Thread names of note:
* `crawl_12345`: scan/dedupe worker threads (the number is the subvol
ID which the thread is currently working on). These threads appear
and disappear from the status dynamically according to the requirements
of the work queue and loadavg throttling.
* `bees`: main thread (doesn't do anything after startup, but its task execution time is that of the whole bees process)
* `crawl_master`: task that finds new extents in the filesystem and populates the work queue
* `crawl_transid`: btrfs transid (generation number) tracker and polling thread
* `status`: the thread that writes the status reports to `$BEESSTATUS`
* `crawl_writeback`: writes the scanner progress to `beescrawl.dat`
* `hash_writeback`: trickle-writes the hash table back to `beeshash.dat`
* `hash_prefetch`: prefetches the hash table at startup and updates `beesstats.txt` hourly
### Dump kernel stacks of hung processes
Check the kernel stacks of all blocked kernel processes:
ps xar | while read -r x y; do ps "$x"; head -50 --verbose /proc/"$x"/task/*/stack; done | tee lockup-stacks.txt
Submit the above information in your bug report.
### Check dmesg for btrfs stack dumps
Sometimes these are relevant too.
bees Crashes
------------
* If you have a core dump, run these commands in gdb and include
the output in your report (you may need to post it as a compressed
attachment, as it can be quite large):
(gdb) set pagination off
(gdb) info shared
(gdb) bt
(gdb) thread apply all bt
(gdb) thread apply all bt full
The last line generates megabytes of output and will often crash gdb.
This is OK, submit whatever output gdb can produce.

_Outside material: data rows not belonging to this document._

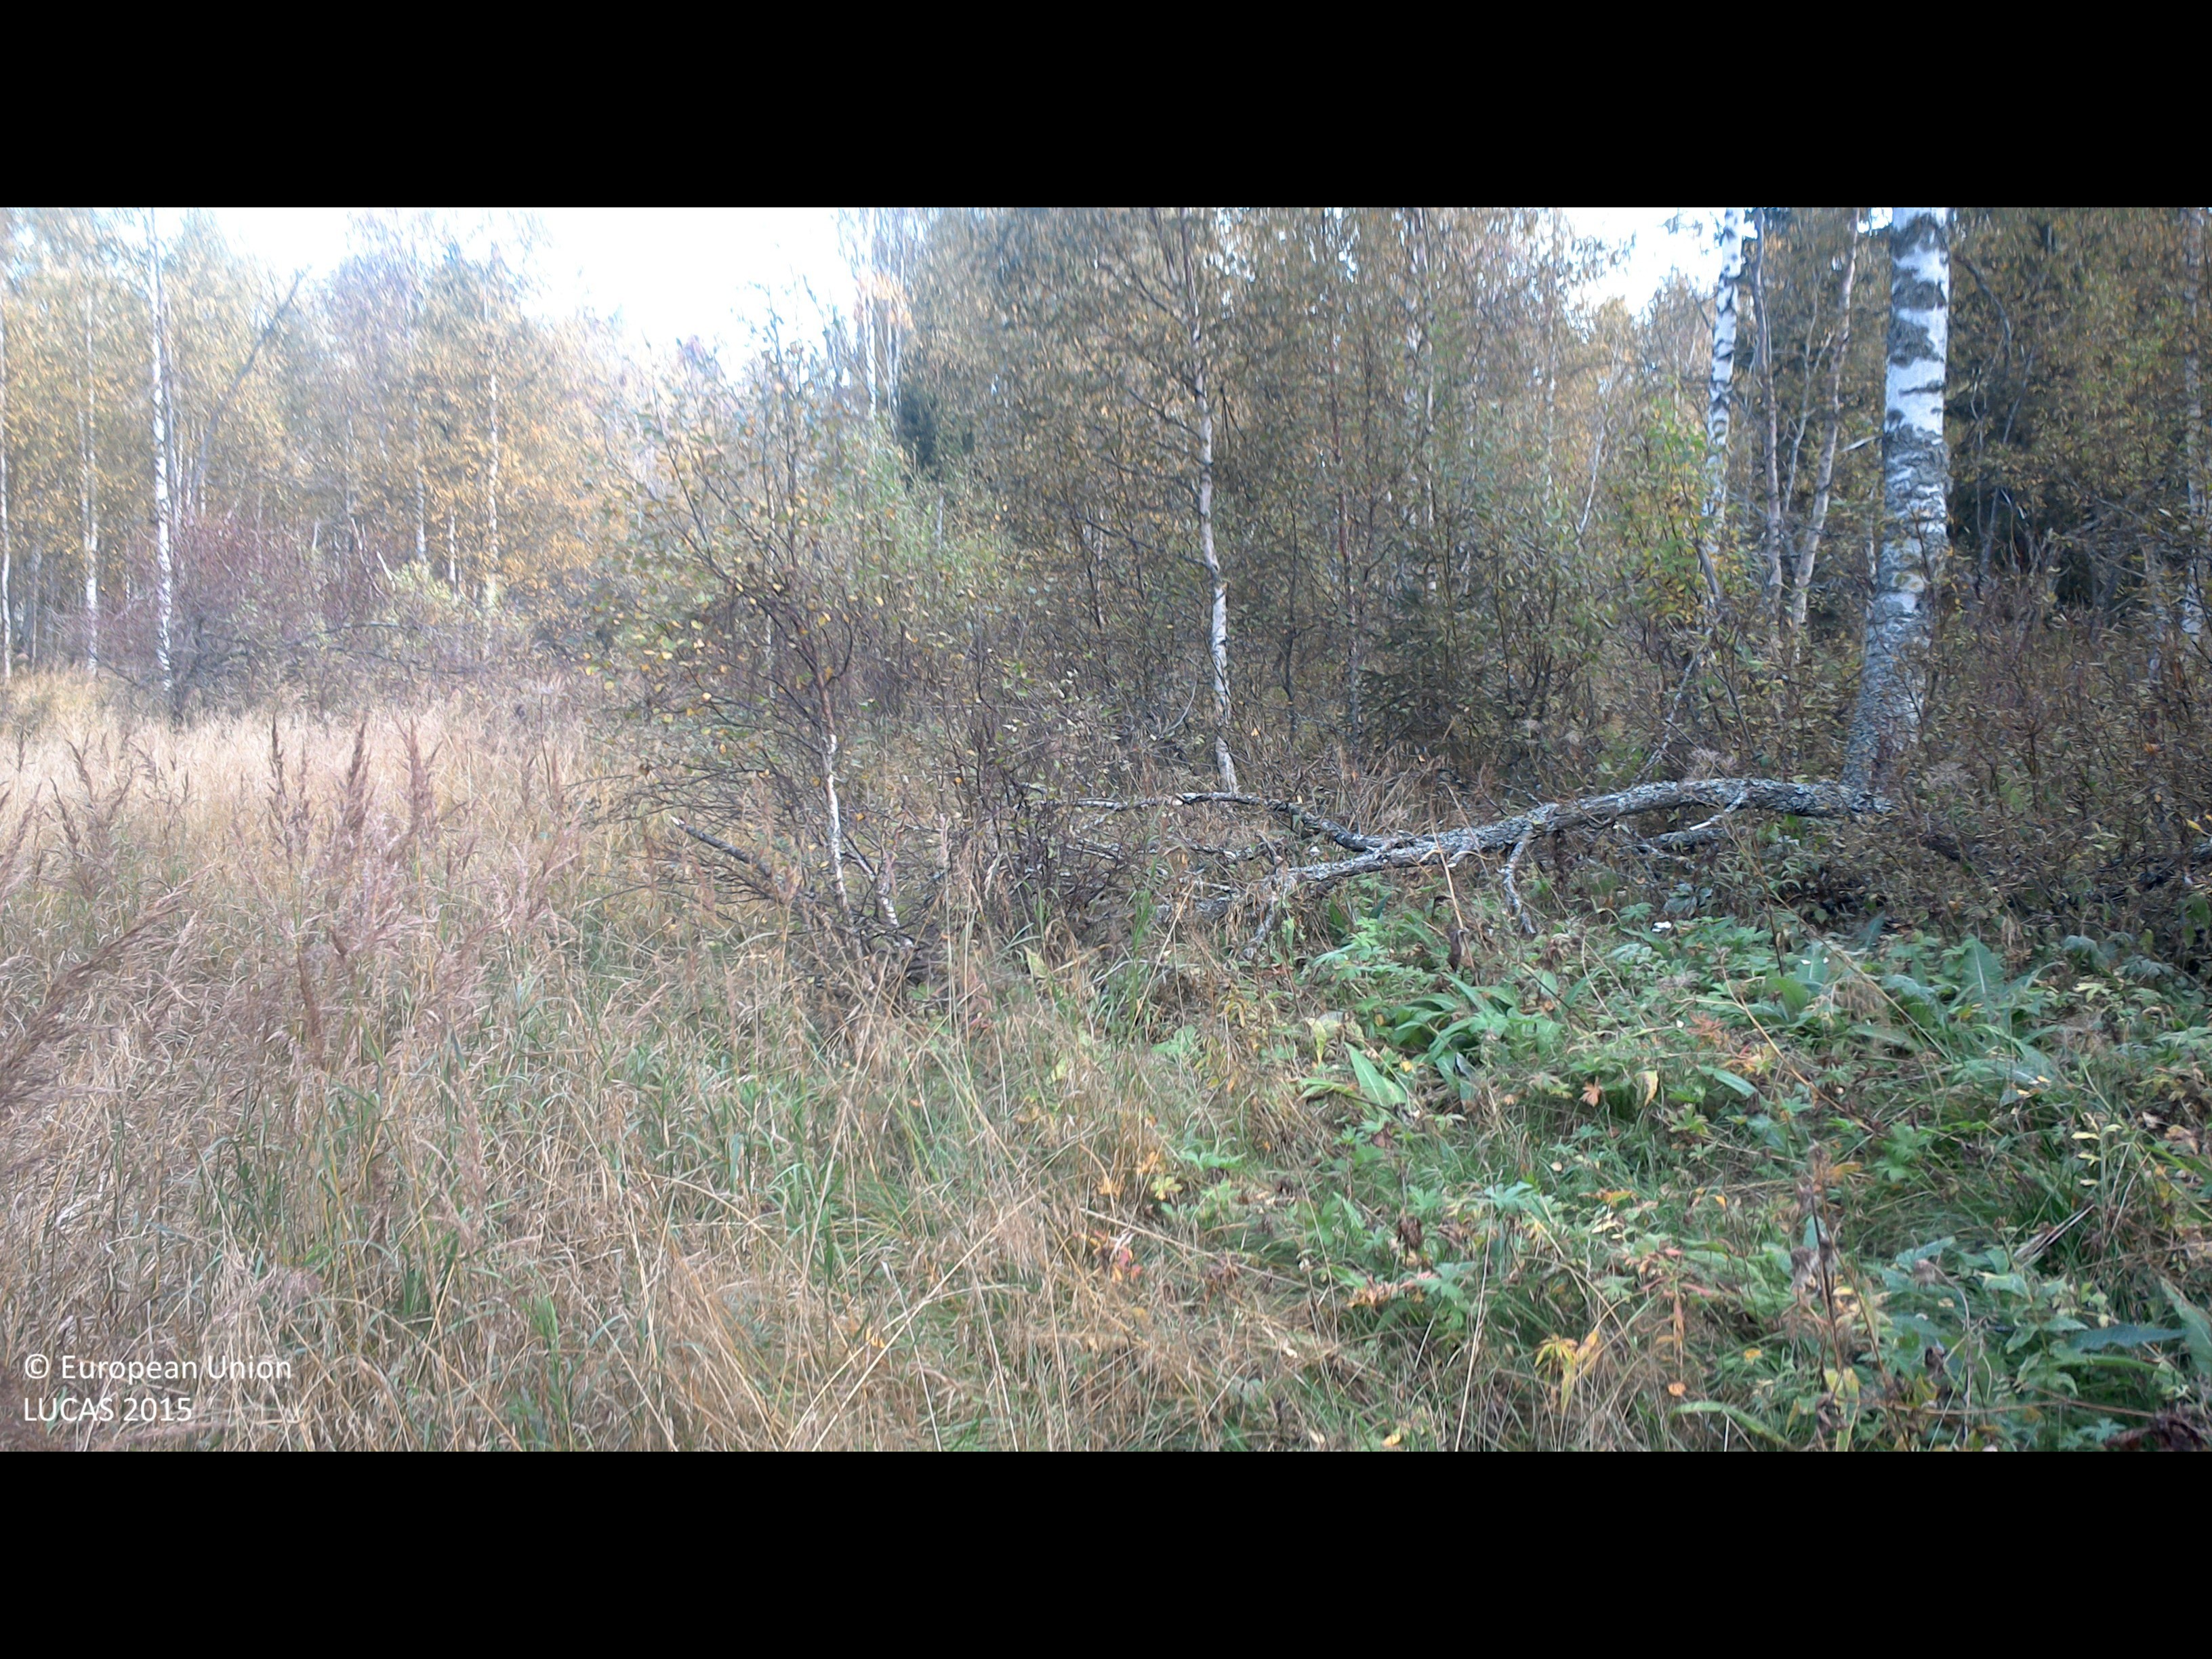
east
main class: Woodland
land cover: Broadleaved woodland
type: hemiboreal forest and nemoral coniferous forest and mixed broadleaved-coniferous forest
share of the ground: 25 - 50 %
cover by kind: broadleaved forest trees 50 %, shrubs 50 %
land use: Semi-natural and natural areas not in use
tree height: > 5 m
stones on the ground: < 10 %
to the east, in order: Broadleaved woodland; Inland marshes; Grassland with sparse tree/shrub cover; Broadleaved woodland; Inland fresh running water; Broadleaved woodland; Spruce dominated mixed woodland
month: September
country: SE
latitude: 63.9186
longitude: 19.9891

**Note that this output may include filenames or data from your
filesystem.**
* If the crash happens often (or you just want to be extra prepared),
you can run automate the gdb data collection with this wrapper script:
<pre>
#!/bin/sh
set -x
# Move aside old core files for analysis
for x in core*; do
if [ -e "$x" ]; then
mv -vf "$x" "old-$x.$(date +%Y-%m-%d-%H-%M-%S)"
fi
done
# Delete old core files after a week
find old-core* -type f -mtime +7 -exec rm -vf {} + &
# Turn on the cores (FIXME: may need to change other system parameters
# that capture or redirect core files)
ulimit -c unlimited
# Run the command
"$@"
rv="$?"
# Don't clobber our core when gdb crashes
ulimit -c 0
# If there were core files, generate reports for them
for x in core*; do
if [ -e "$x" ]; then
gdb --core="$x" \
--eval-command='set pagination off' \
--eval-command='info shared' \
--eval-command='bt' \
--eval-command='thread apply all bt' \
--eval-command='thread apply all bt full' \
--eval-command='quit' \
--args "$@" 2>&1 | tee -a "$x.txt"
fi
done
# Return process exit status to caller
exit "$rv"
</pre>
To use the wrapper script, insert it just before the `bees` command,
as in:
gdb-wrapper bees /path/to/fs/
Kernel crashes, corruption, and filesystem damage
-------------------------------------------------
bees doesn't do anything that _should_ cause corruption or data loss;
however, [btrfs has kernel bugs](btrfs-kernel.md) and [interacts poorly
with some Linux block device layers](btrfs-other.md), so corruption is
not impossible.
Issues with the btrfs filesystem kernel code or other block device layers
should be reported to their respective maintainers.